To further establish whether SNP-A482 had any disease associations, we evaluated a well-characterized cohort of patients with NSCLC (14, 15) and determined whether patients with homozygous KDM4A SNP-A482 NSCLC were associated with differential outcome based on various clinical parameters. Interestingly, NSCLC and non-NSCLC cohorts exhibited comparable allelic frequency, suggesting that there is no selection against the A482 allele in patients with NSCLC (Supplementary Fig. S1A). Patients that were homozygous for KDM4A SNP-A482 experienced an overall worse outcome, with borderline statistical significance (P = 0.055), and had significantly worse outcomes for certain late-stage patient parameters (P < 0.05, Fig. 1E and Supplementary Fig. S1B–S1F).

To further evaluate the predictive ability of SNP-A482 as a biomarker of survival and outcome, we performed time-dependent ROC curve analyses on five subgroups of patients with NSCLC (age < 64, adenocarcinoma, stage 3, with radiation therapy, and with surgery). In each subgroup, we compared the area under the curve of the model with SNP-A482 and clinical information (age, sex, smoking status) to the model with clinical information only. In general, the predictive model with SNP-A482 had a slightly better performance, with the caveat being the low heritability results in the predictive model being more limited (Supplementary Fig. S1G; ref. 16). Therefore, these data do not necessarily support the SNP-A482 serving as a biomarker alone; however, future studies containing larger sample sizes will help with the assessment of such a predictive model. These data do however highlight a disease association for SNP-A482 and support a rationale for exploring the impact SNP-A482 has on KDM4A.

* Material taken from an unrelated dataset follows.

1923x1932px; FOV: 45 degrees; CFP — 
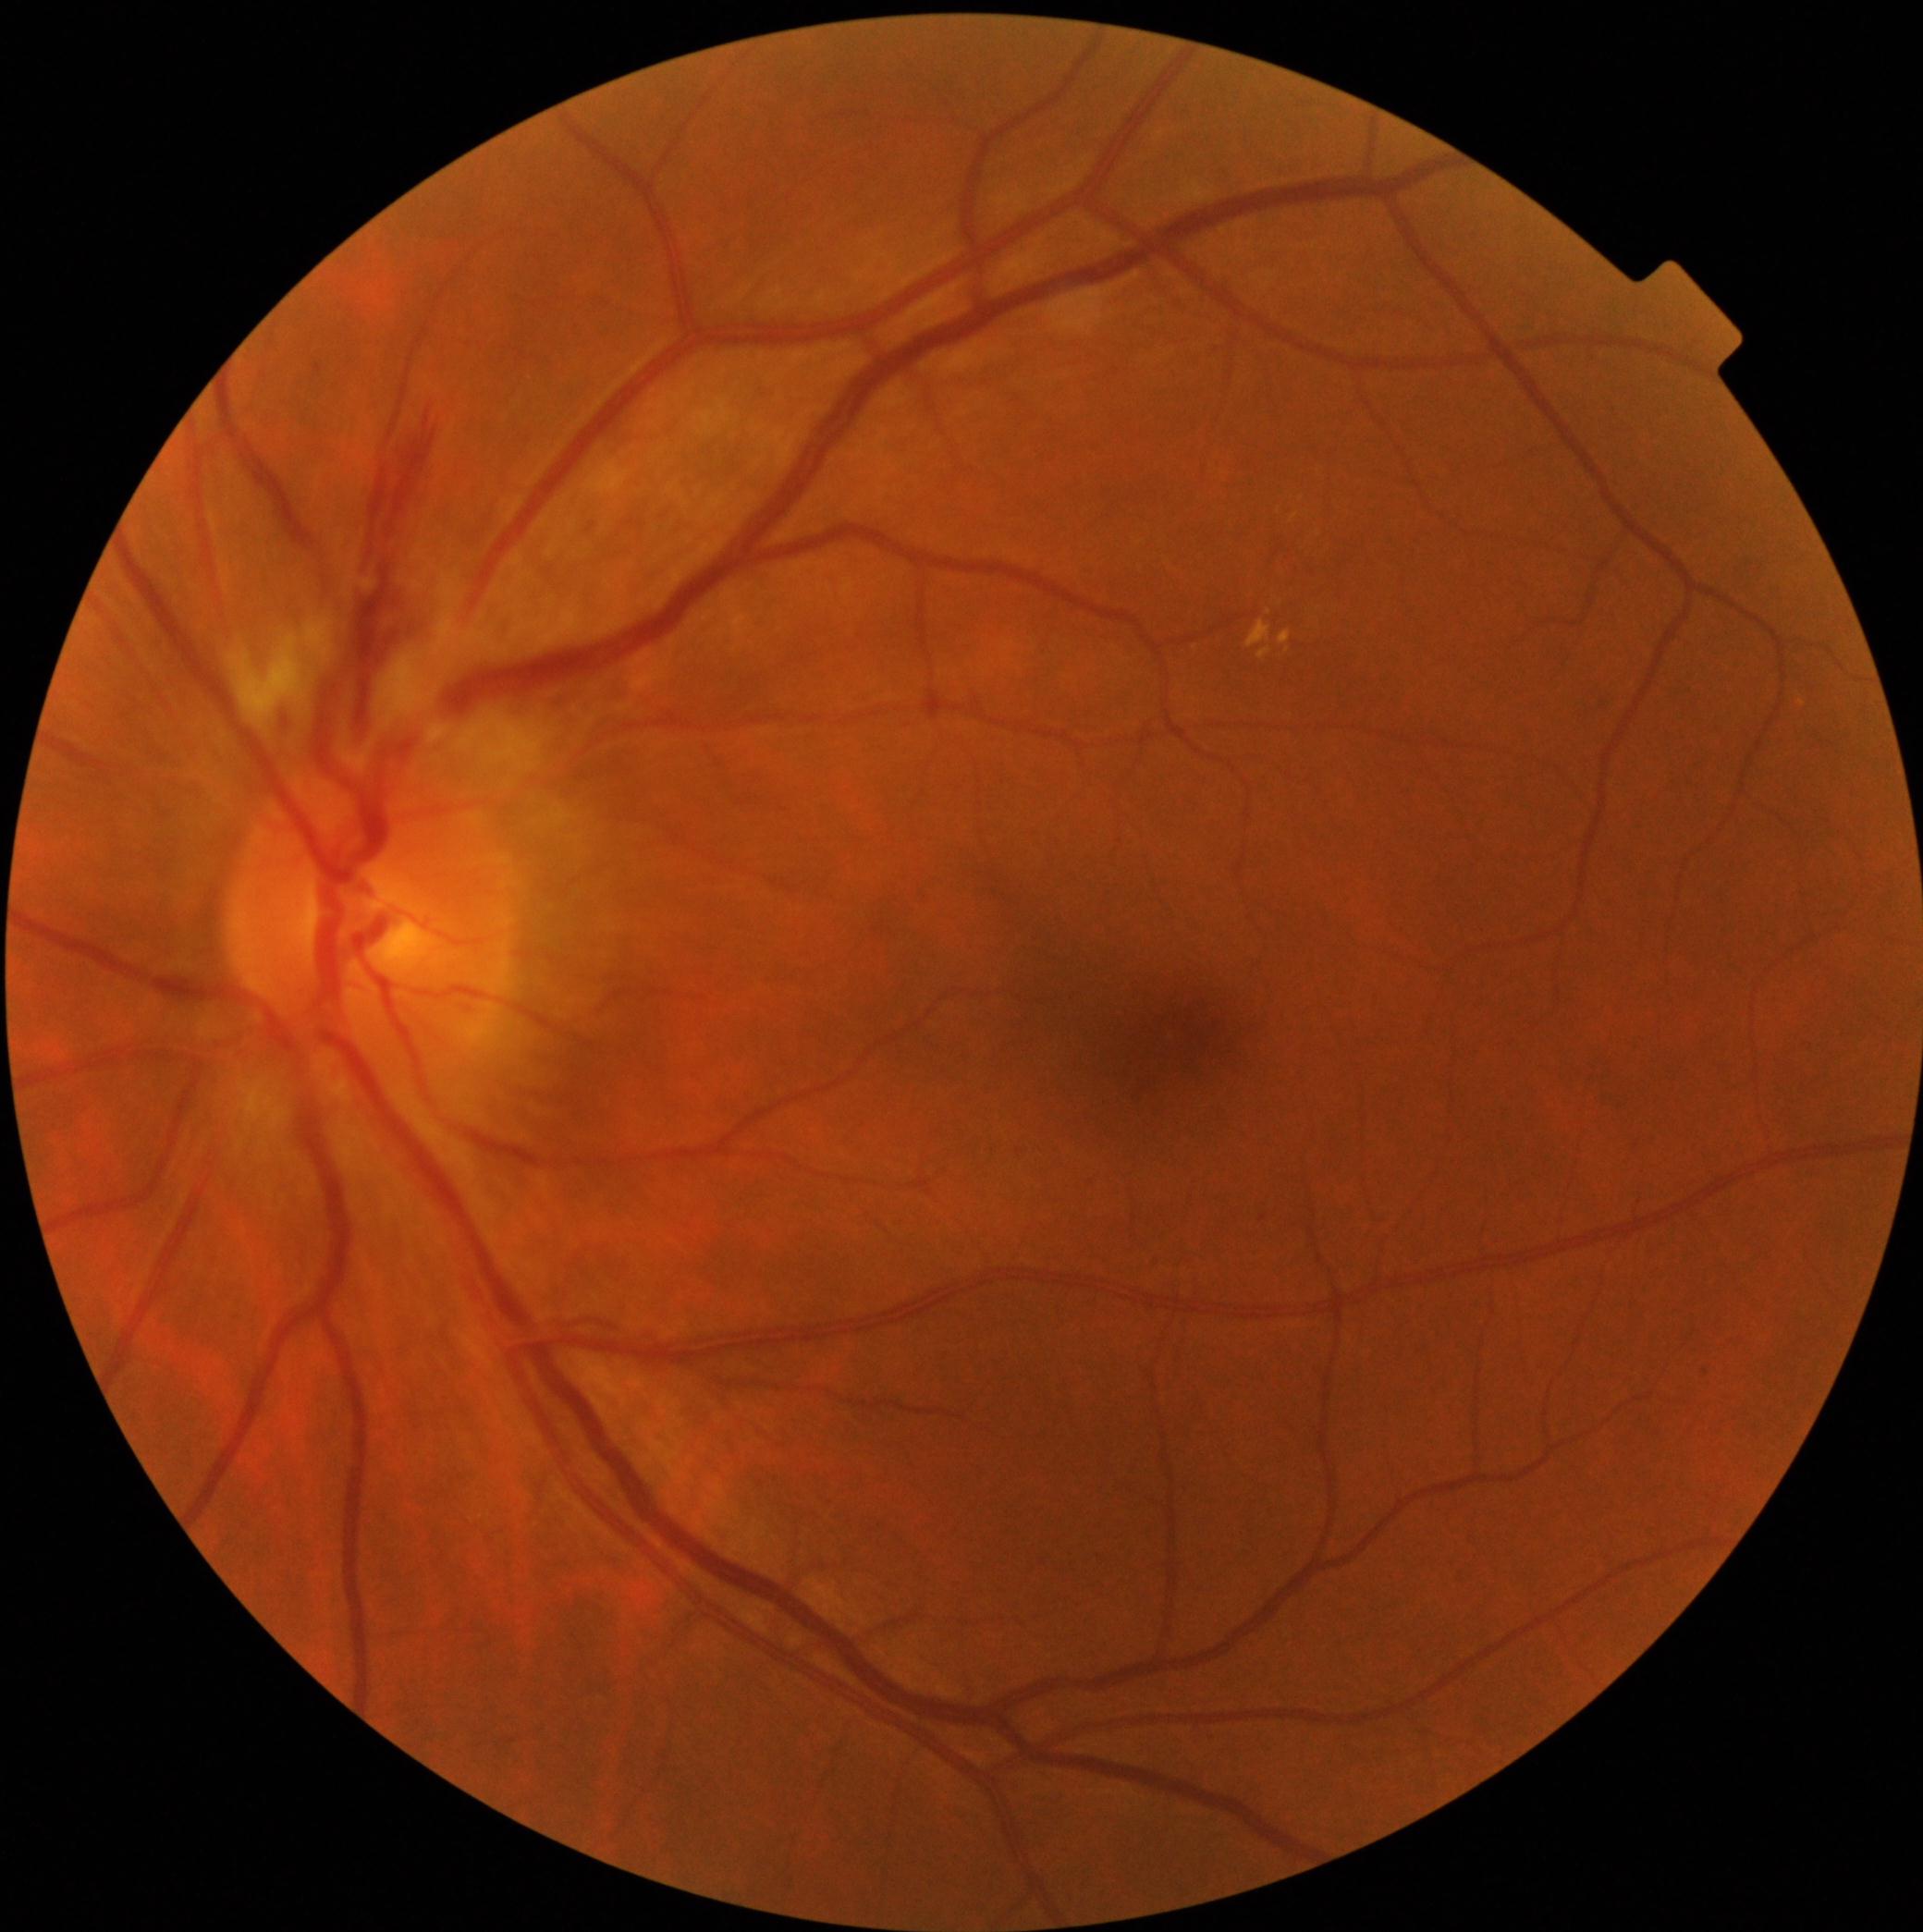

SNP-A482 Results in Increased Ubiquitination and Turnover of KDM4A

We wanted to determine if there was a biochemical difference between KDM4A WT and KDM4A SNP-A482. Because KDM4A is a histone demethylase (7), we determined whether KDM4A SNP-A482 had altered catalytic activity when compared with WT KDM4A in vivo. RPE cells transfected with either hemagglutinin (HA)-tagged WT or SNP-A482 KDM4A had similar H3K9me3 and H3K36me3 catalytic activities (Fig. 2A). However, SNP-A482 had an increase in higher molecular weight products when evaluated by Western blot (data not shown), which was demonstrated to be ubiquitination by immunoblotting for ubiquitin after denaturing GFP immunoprecipitation (Fig. 2B). Multiple replicate experiments indicated that there was a 2-fold increase in KDM4A SNP-A482 ubiquitination when the immunoprecipitation was normalized and compared with WT KDM4A (Fig. 2B, bottom; P = 0.01).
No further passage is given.